A large range of my work is now available to buy in Penshaw Tea Rooms, including a selection of seasonal prints which feature Penshaw Monument after last years snowfall. Seasonal prints tend to sell very well at this time of year, especially when they can be given as Christmas presents to those who maybe have a special affinity to this well know iconic landmark. Tony Green, co-owner of the Nursery & Tea Rooms, told me he'd had interest from as far as Australia since the new web site went live recently. A midnight phonecall from down under came as a surprise when he was told how the caller was due to visit Sunderland with her family and how excited they were at the prospect of visiting Penshaw Monument after browsing the new web site. No doubt they were also planning to stop off for a coffee and a fat chunk of gateaux whilst relaxing in the room with a view. It has to be said that the food is top notch - all prepared freshly, using locally sourced ingredients. I tried the steak sandwich with caramelised onions and it certainly hit the right spot - that's another freebie you owe me Tony, for the free plug, he he.

In Summer 2011 Penshaw Nursery & Tea Rooms was featured on Radio Newcastle. A live broadcast was aired during a busy mid-week morning at the site, and presenter Sue Sweeney commented on the 'Lovely pictures adorning the walls'. A nice piece of exposure for Ashley Corr Photography - can't be bad, eh.

So, if you're in the region and fancy taking the weight off ya feet, pop into Penshaw Tea Rooms - A room with a view. Oh, and don't forget to check out those frames on the wall (wink).

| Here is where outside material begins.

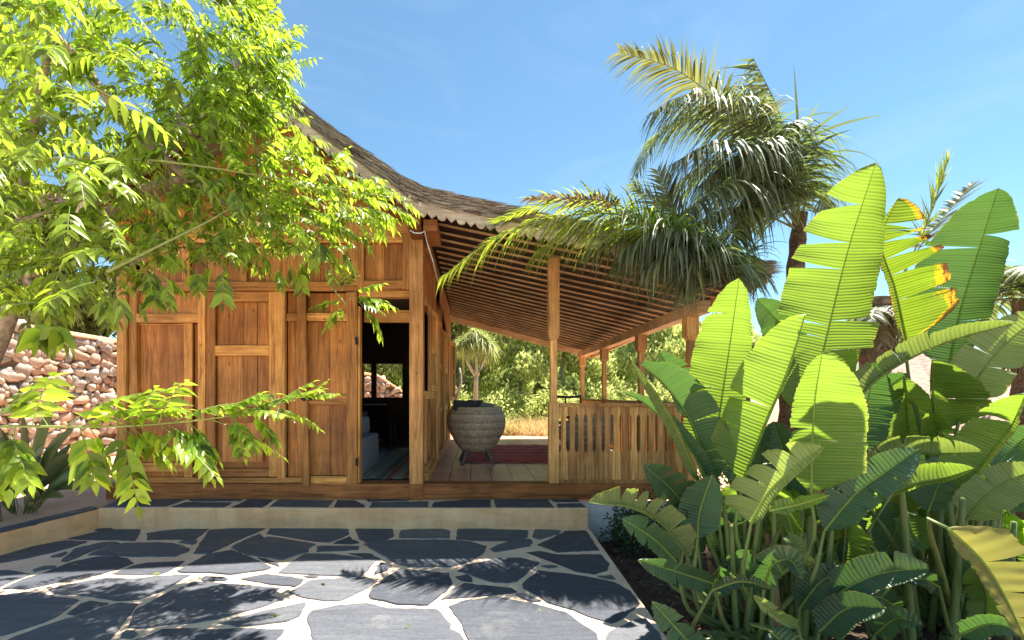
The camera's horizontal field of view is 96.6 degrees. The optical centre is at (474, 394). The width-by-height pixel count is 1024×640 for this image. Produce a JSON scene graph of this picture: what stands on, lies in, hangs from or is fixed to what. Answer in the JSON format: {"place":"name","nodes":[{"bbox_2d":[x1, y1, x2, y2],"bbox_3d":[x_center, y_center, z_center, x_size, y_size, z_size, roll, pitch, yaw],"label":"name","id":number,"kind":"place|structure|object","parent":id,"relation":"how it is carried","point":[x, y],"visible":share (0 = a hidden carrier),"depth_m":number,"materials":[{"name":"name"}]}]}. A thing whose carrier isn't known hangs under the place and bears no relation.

Later, Chaps and Chapesses

Saturday 10 October 2009

Washington Old Hall

Having bought a National Trust membership and not used it in months, I thought it was high time I got my act together and got my money's worth. It was a lovely warm day and I didn't fancy a big drive, opting to stay local and pay a visit to Washington Old Hall. I grabbed a few photo's inside the hall during my last visit in 2008, so this time I hoped to grab a few in the grounds. The Jacobean Gardens are very photogenic and depending on what time of year you visit, there's a variety of colour in the many plants within the grounds. The adjacent Nuttery didn't have a great deal to offer although it was the ideal 'Secret Garden' to get away from it all.
I was lucky enough to photograph the intricate topiary near the site entrance, shortly after a fresh cut from the resident gardener. The photograph was very similar to the one I shot last year which was used on the St Benedict's 2009 calendar that I contributed to. Well worth a visit.